1. Introdução
Os enterólitos são formações rígidas que formam-se com base nos minerais presentes na alimentação, água e/ou corpos estranhos, sendo o principal o dióxido de silicone (encontrado em pedras no pasto) que se alojam nos cólons dos equinos. No geral são formados de fosfato de amônia e magnésio (estruvita) (MOTA, NASCIMENTO, ZANDONI; 2016).
O farelo de trigo tem alta correlação, devido sua alta concentração proteica e mineral (magnésio e fósforo), a alfafa também possui alto valor proteico (ultrapassa em até seis vezes a necessidade diária de um equino), dessa forma são alimentos que predispõem a formação de concreções (MOTA, NASCIMENTO, ZANDONI; 2016).
Podem ser únicos ou múltiplos, variando também a forma, entre esféricos e irregulares, sendo que o último causa maiores danos a mucosa intestinal. Há maior casuística relatada é em animais acima de 11 anos, árabes e pôneis, porém todos equinos podem ser acometidos (MOTA, NASCIMENTO, ZANDONI; 2016).

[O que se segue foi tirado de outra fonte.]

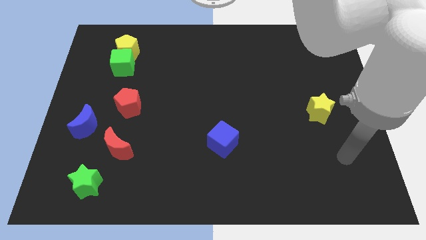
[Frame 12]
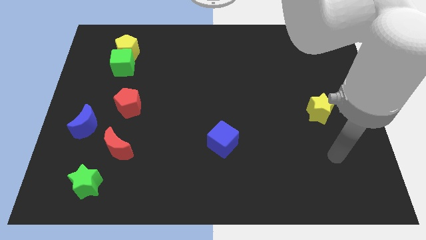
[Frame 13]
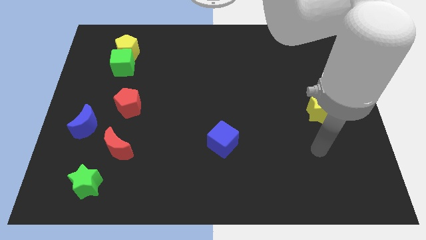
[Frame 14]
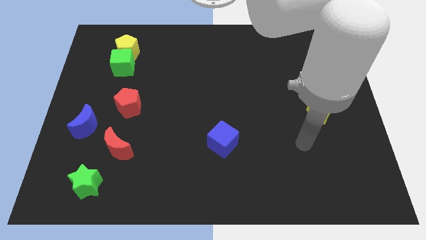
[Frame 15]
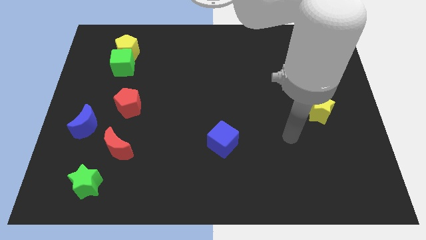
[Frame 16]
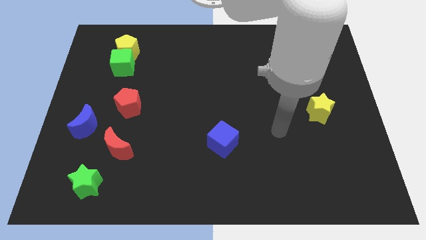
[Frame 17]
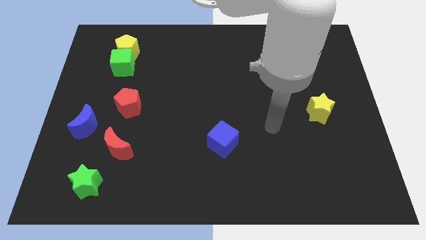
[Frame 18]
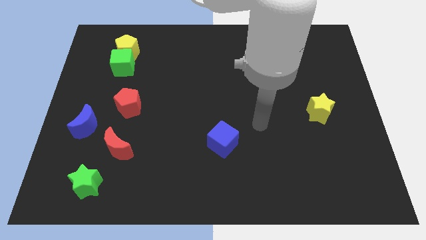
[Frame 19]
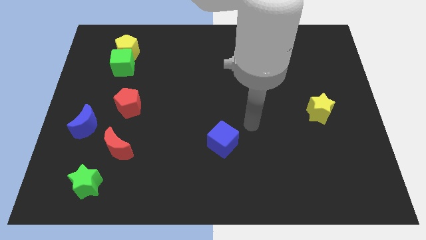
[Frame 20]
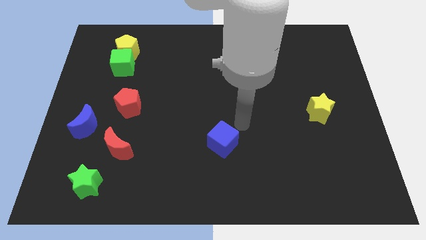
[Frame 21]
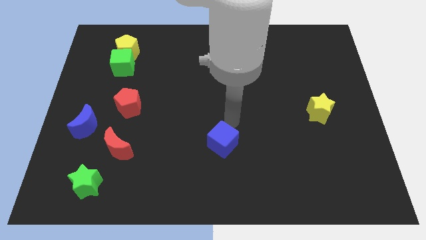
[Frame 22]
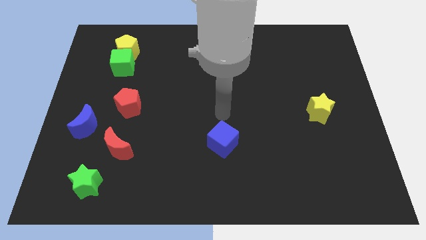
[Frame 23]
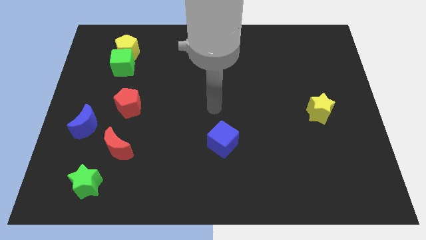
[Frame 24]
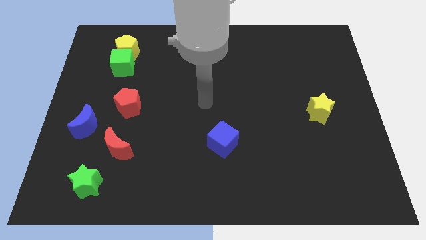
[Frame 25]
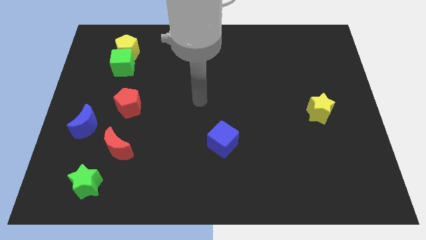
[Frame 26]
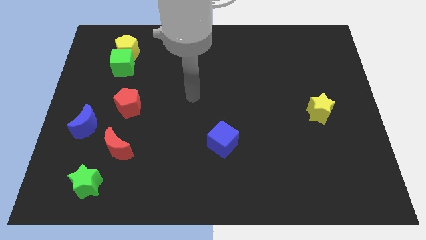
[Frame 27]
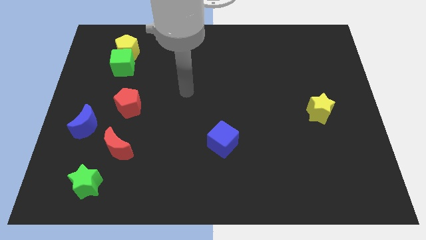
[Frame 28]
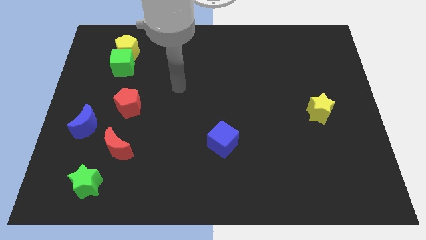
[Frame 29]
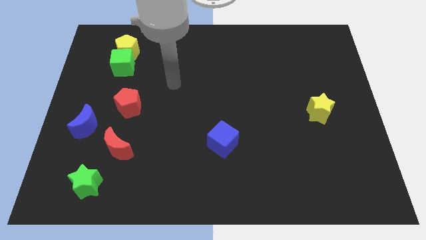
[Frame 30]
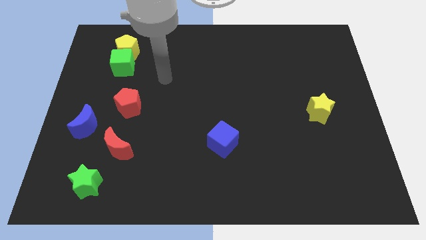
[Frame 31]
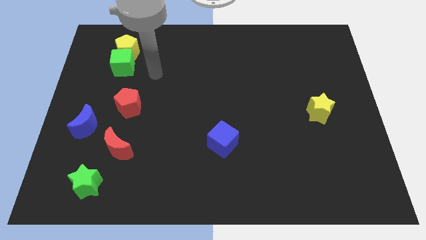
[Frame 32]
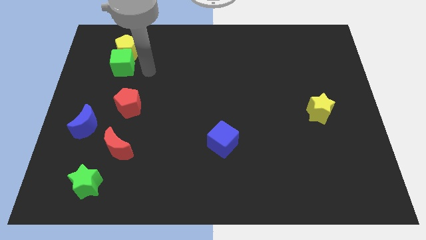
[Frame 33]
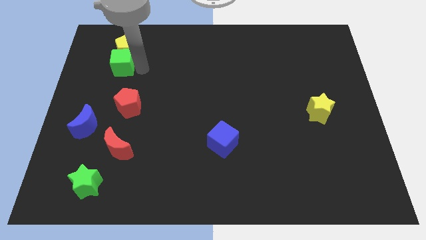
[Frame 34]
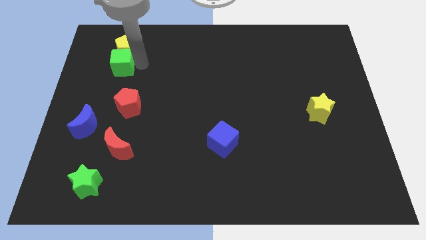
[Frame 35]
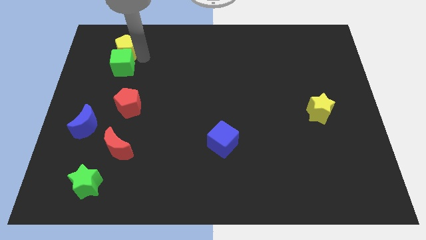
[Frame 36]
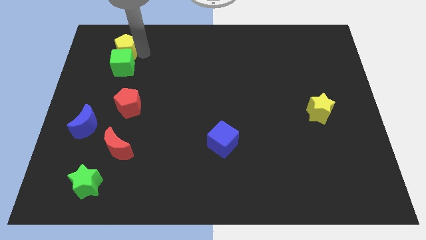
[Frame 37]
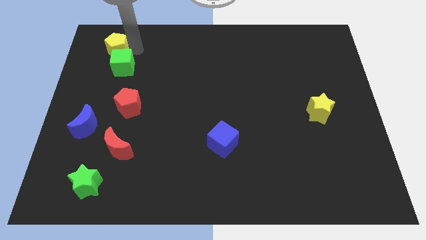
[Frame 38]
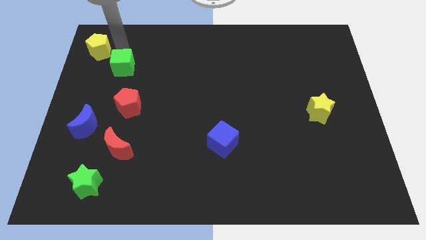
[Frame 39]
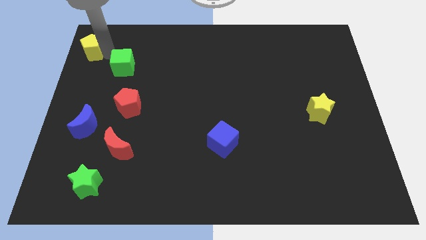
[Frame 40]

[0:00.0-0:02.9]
pull the green cube apart from the yellow pentagon

A sintomatologia dependerá da localização (cólon maior, menor ou transverso), forma e tamanho do enterólitos. Os sinais de cólica podem ocorrer de forma recorrente, aguda ou ser assintomático (MOTA, NASCIMENTO, ZANDONI; 2016).
Anamnese: No dia 13 de Junho de 2021 chegou ao Hospital Veterinário Eqüivet uma égua da raça brasileiro de hipismo com histórico de desconforto durante o trabalho, relatando também que anteriormente dois cavalos da mesma propriedade e linhagem apresentaram enterólitos, sendo essa a principal suspeita clínica.

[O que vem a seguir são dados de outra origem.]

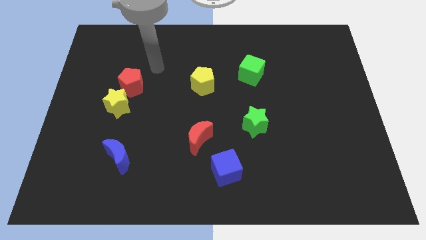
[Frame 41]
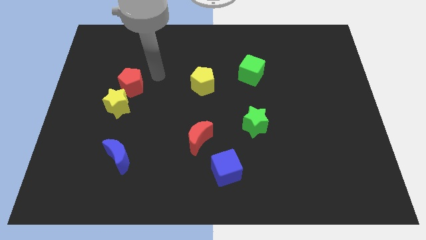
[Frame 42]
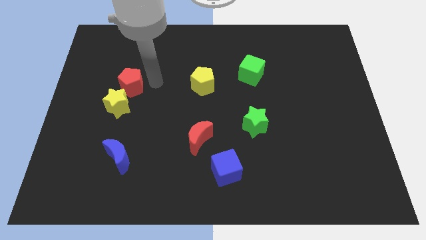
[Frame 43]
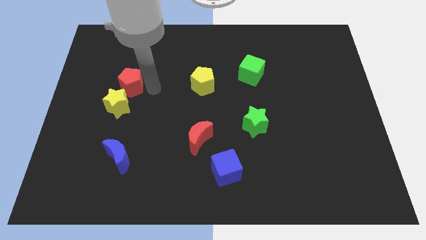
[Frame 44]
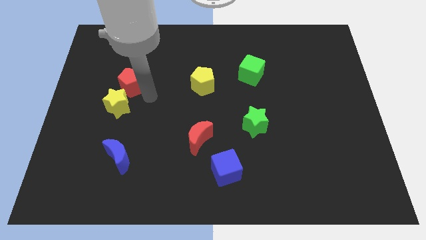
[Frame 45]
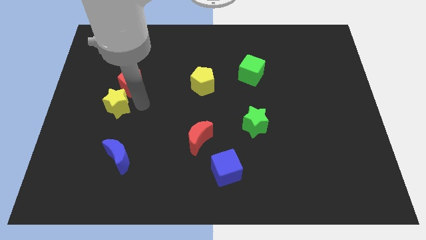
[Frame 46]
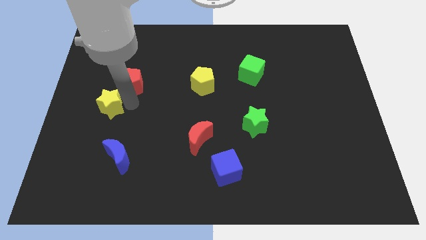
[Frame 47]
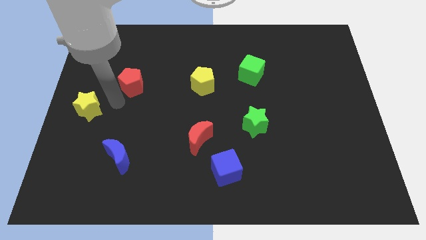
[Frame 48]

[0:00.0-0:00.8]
separate the red pentagon from the yellow star

Exame físico na admissão: frequência cardíaca de 44 bpm, frequência respiratória de 26 mrm, Mucosa levemente hiperémica, tempo de preenchimento capilar de 3 segundos, temperatura 37,9°C e ausculta abdominal sem alterações.
Exames complementares: hematócrito (35%); proteína total (7,5 g/dl); lactato venoso (não detectado), análise de líquido peritoneal (coloração amarelada, proteína menor que dois e lactato não detectado); hemogasometria (pH 7,440; PCO2 GLU 37,3; PO2 36; BE 1; HCO3 25,4; TCO2 26 mEq/L; SO2 72; Na 136 mmol/L; K 3,2 mmol/L; ICa 1,60 mmol/L; C 89). OU Hemogasometria venosa (com valores dentro das referências).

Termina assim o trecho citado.